I put my blood and guts into making this happen. I exposed my family to a lot of things. I got death threats. As the expression goes, success has a million mothers and failure is an orphan. I have been to more fundraising events from more organizations who take credit for marriage equality passing, some of whom did not do a God damn thing.

So legislation, the first thing you have to learn is you have to learn how to count. Can you count? Because we need 76 votes in my house. So once the first vote was taken, it was my job to hold onto those votes, which is a very different art than getting them.

JL: How so?

O’Donnell: Well I had to be nice to people, some of whom I didn’t like! [Laughs.] They would say to me, “Well this is really important to me.” And I would think, well that’s a stupid idea, but I can’t vote against what they want because they are taking this big vote for me.

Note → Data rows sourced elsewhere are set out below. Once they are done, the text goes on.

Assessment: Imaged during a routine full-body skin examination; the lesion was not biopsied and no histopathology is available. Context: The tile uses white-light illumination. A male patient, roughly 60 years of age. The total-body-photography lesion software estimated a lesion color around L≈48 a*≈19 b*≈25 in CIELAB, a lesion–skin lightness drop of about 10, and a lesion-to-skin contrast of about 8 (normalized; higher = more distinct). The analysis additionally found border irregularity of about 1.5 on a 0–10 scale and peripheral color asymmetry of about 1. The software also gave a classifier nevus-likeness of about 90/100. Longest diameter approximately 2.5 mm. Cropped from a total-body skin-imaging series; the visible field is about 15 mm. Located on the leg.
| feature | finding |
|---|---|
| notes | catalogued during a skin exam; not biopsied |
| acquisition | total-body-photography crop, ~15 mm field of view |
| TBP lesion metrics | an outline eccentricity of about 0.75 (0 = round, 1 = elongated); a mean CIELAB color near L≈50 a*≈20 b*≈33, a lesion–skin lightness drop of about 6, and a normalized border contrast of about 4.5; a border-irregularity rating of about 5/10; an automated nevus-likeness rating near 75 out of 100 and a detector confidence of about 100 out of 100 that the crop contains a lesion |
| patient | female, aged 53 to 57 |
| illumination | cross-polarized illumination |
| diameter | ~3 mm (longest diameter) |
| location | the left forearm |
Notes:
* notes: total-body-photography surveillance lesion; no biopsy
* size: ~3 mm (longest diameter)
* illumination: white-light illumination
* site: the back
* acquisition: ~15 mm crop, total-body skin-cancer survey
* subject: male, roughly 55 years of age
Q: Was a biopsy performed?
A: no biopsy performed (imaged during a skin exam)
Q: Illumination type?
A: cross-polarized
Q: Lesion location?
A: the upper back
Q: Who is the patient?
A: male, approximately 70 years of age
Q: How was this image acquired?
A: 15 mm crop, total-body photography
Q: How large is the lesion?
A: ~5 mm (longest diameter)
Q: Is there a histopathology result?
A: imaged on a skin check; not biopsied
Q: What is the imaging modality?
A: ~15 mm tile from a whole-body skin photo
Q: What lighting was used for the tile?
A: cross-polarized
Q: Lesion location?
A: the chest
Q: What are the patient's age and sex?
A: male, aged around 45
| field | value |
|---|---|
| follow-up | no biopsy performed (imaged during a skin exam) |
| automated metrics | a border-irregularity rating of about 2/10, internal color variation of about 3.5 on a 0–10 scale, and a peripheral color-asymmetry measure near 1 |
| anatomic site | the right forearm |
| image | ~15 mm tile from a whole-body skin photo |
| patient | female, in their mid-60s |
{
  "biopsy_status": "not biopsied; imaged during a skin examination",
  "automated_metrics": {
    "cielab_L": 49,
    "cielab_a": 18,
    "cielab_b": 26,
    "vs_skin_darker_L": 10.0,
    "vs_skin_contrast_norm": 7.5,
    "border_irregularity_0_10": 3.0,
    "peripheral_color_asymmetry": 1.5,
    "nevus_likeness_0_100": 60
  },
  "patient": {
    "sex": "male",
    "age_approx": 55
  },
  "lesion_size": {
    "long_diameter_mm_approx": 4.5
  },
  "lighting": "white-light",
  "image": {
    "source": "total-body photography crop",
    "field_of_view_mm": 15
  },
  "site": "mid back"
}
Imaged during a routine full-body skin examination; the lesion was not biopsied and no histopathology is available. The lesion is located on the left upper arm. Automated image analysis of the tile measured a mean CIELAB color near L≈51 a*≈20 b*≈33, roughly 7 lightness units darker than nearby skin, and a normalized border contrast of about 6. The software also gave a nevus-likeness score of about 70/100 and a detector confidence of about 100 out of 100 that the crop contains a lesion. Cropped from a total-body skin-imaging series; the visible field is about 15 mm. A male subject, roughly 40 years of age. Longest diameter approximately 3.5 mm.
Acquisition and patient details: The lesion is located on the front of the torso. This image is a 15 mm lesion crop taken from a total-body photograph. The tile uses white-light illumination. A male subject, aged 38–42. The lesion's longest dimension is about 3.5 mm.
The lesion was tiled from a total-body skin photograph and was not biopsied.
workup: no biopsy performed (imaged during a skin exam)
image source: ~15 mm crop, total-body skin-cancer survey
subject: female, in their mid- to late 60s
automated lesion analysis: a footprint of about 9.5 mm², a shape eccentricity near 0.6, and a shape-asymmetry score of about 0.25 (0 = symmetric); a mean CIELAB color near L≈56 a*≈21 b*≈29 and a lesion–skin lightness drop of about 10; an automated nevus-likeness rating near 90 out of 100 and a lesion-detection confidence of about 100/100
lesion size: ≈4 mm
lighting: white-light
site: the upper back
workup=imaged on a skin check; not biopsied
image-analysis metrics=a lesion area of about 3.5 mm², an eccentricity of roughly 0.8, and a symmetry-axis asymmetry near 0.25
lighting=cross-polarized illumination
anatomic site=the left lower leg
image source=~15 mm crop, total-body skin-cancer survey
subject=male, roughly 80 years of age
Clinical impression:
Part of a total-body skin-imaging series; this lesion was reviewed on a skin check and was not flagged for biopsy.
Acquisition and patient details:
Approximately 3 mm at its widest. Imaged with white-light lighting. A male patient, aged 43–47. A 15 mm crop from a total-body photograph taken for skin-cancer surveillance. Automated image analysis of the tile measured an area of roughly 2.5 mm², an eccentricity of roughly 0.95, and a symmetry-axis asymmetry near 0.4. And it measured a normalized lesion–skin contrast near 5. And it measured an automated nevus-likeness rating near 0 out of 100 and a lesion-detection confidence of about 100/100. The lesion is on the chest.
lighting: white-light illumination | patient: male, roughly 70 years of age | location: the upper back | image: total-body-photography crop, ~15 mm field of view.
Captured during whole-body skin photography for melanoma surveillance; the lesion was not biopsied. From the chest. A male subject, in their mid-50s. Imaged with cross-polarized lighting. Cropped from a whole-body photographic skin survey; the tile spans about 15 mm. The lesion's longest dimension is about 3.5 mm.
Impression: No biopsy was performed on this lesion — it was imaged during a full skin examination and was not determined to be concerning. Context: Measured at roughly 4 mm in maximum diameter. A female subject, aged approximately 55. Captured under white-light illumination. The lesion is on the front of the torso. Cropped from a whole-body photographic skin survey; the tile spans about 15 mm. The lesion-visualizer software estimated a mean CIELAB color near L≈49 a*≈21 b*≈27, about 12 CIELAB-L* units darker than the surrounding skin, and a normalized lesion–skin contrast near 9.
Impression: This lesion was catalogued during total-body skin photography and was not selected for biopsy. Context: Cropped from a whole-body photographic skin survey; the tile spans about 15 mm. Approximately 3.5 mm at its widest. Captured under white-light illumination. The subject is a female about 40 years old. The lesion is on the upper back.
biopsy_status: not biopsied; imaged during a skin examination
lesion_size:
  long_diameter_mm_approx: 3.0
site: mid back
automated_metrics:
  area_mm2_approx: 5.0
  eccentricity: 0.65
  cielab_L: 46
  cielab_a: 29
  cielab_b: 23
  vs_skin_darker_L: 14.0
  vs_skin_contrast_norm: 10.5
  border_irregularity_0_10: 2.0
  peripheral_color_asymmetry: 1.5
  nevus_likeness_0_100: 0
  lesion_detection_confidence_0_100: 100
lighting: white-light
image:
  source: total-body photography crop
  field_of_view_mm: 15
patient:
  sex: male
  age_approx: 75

So for five years, all I did was marriage, and I saw everyone through the prism of whether they were supporting my equality or they weren’t.

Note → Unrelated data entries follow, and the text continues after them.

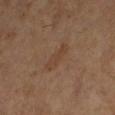Clinical impression: Captured during whole-body skin photography for melanoma surveillance; the lesion was not biopsied. Image and clinical context: Located on the left lower leg. Measured at roughly 4 mm in maximum diameter. A 15 mm close-up extracted from a 3D total-body photography capture. Automated image analysis of the tile measured a footprint of about 5 mm² and an outline eccentricity of about 0.95 (0 = round, 1 = elongated). The analysis additionally found a mean CIELAB color near L≈40 a*≈17 b*≈28, about 5 CIELAB-L* units darker than the surrounding skin, and a normalized lesion–skin contrast near 5. The software also gave border irregularity of about 3 on a 0–10 scale and a color-variation rating of about 1.5/10. The software also gave a nevus-likeness score of about 0/100 and a lesion-detection confidence of about 100/100. A female patient, approximately 65 years of age. This is a cross-polarized tile.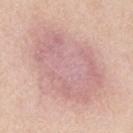Impression:
Captured during whole-body skin photography for melanoma surveillance; the lesion was not biopsied.
Acquisition and patient details:
A male subject, about 60 years old. A 15 mm close-up extracted from a 3D total-body photography capture. The tile uses white-light illumination. The lesion is located on the back. Automated tile analysis of the lesion measured a border-irregularity rating of about 3/10 and peripheral color asymmetry of about 1. It also reported an automated nevus-likeness rating near 0 out of 100 and a detector confidence of about 100 out of 100 that the crop contains a lesion.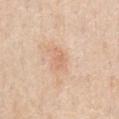Assessment:
Part of a total-body skin-imaging series; this lesion was reviewed on a skin check and was not flagged for biopsy.
Background:
A 15 mm close-up tile from a total-body photography series done for melanoma screening. Imaged with white-light lighting. A male patient, aged 58 to 62. Approximately 2.5 mm at its widest. The lesion is on the chest.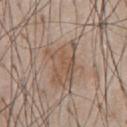Part of a total-body skin-imaging series; this lesion was reviewed on a skin check and was not flagged for biopsy. From the abdomen. A male subject about 60 years old. A 15 mm crop from a total-body photograph taken for skin-cancer surveillance.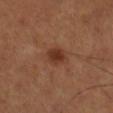Clinical summary:
The patient is a male roughly 50 years of age. Located on the right lower leg. Cropped from a whole-body photographic skin survey; the tile spans about 15 mm.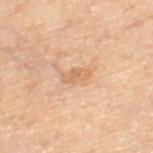Recorded during total-body skin imaging; not selected for excision or biopsy. A male subject aged around 70. A 15 mm close-up tile from a total-body photography series done for melanoma screening. The lesion is located on the left thigh.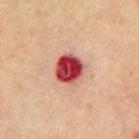image source — ~15 mm crop, total-body skin-cancer survey | anatomic site — the abdomen | lighting — cross-polarized illumination | patient — male, aged 63 to 67 | diameter — ~3.5 mm (longest diameter).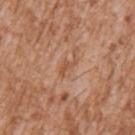The lesion was photographed on a routine skin check and not biopsied; there is no pathology result. The lesion is located on the left upper arm. The recorded lesion diameter is about 3 mm. The patient is a male roughly 45 years of age. A lesion tile, about 15 mm wide, cut from a 3D total-body photograph. Automated tile analysis of the lesion measured a footprint of about 3 mm² and a shape-asymmetry score of about 0.45 (0 = symmetric). And it measured border irregularity of about 6 on a 0–10 scale and radial color variation of about 0. It also reported a nevus-likeness score of about 0/100 and a lesion-detection confidence of about 100/100. Imaged with white-light lighting.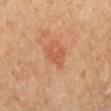biopsy status — catalogued during a skin exam; not biopsied | anatomic site — the left forearm | image-analysis metrics — a lesion area of about 4 mm² and an outline eccentricity of about 0.75 (0 = round, 1 = elongated); a mean CIELAB color near L≈56 a*≈28 b*≈35, about 7 CIELAB-L* units darker than the surrounding skin, and a normalized border contrast of about 5; a nevus-likeness score of about 50/100 and a lesion-detection confidence of about 100/100 | diameter — ≈3 mm | patient — female, roughly 65 years of age | illumination — cross-polarized illumination | image source — 15 mm crop, total-body photography.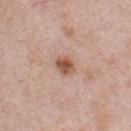The lesion was photographed on a routine skin check and not biopsied; there is no pathology result. Imaged with white-light lighting. A male subject, about 40 years old. On the chest. A roughly 15 mm field-of-view crop from a total-body skin photograph. The lesion's longest dimension is about 2.5 mm.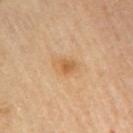Q: Was this lesion biopsied?
A: imaged on a skin check; not biopsied
Q: How was the tile lit?
A: cross-polarized
Q: What is the lesion's diameter?
A: ≈3 mm
Q: Who is the patient?
A: male, aged 83 or over
Q: Where on the body is the lesion?
A: the right upper arm
Q: What is the imaging modality?
A: ~15 mm crop, total-body skin-cancer survey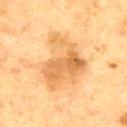Notes:
* biopsy status · catalogued during a skin exam; not biopsied
* lesion diameter · about 7 mm
* lighting · cross-polarized illumination
* acquisition · 15 mm crop, total-body photography
* subject · male, aged 63 to 67
* body site · the chest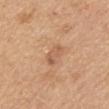biopsy status — no biopsy performed (imaged during a skin exam) | subject — female, in their mid- to late 50s | location — the mid back | acquisition — 15 mm crop, total-body photography.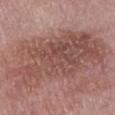No biopsy was performed on this lesion — it was imaged during a full skin examination and was not determined to be concerning. A region of skin cropped from a whole-body photographic capture, roughly 15 mm wide. The subject is a male in their mid-70s. The recorded lesion diameter is about 14 mm. Imaged with white-light lighting. The lesion is on the front of the torso.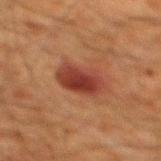Findings:
* follow-up — catalogued during a skin exam; not biopsied
* illumination — cross-polarized illumination
* subject — male, roughly 60 years of age
* diameter — ≈4.5 mm
* image source — ~15 mm crop, total-body skin-cancer survey
* site — the mid back

JL: What lessons are there to be learned for younger activists today who were just kids at the time? Or are there things you think they’re maybe less willing to embrace?

O’Donnell: No, I don’t think they’re not willing to embrace them. I think they have no sense of history. I know highly educated young gays who don’t understand the history of AIDS, and when the pandemic started, I hadn’t felt that kind of terror and panic since the beginning of the AIDS crisis. Because that cancer was affecting a community who society at large either dismisses or hates, nothing was done, and that provoked quite a bit of anger.

And if you go back to Stonewall, Stonewall was a riot started by Black trans women who were sick and tired of being beaten by the police. It wasn’t – it didn’t start so pretty, let me put it that way. So I think there’s a lack of general knowledge on what it took, what it took to survive, what it took to be brave during those times. When I first got to Albany, I had colleagues say “I don’t know any gay people.” And I would say “Well, do you go out of your house?” But there was this culture where uncle Johnny shared a house with uncle Tony, and, you know, no one talked about what that was when they all knew what it was.

No judgement on that subject, but a lot of work, a lot of time.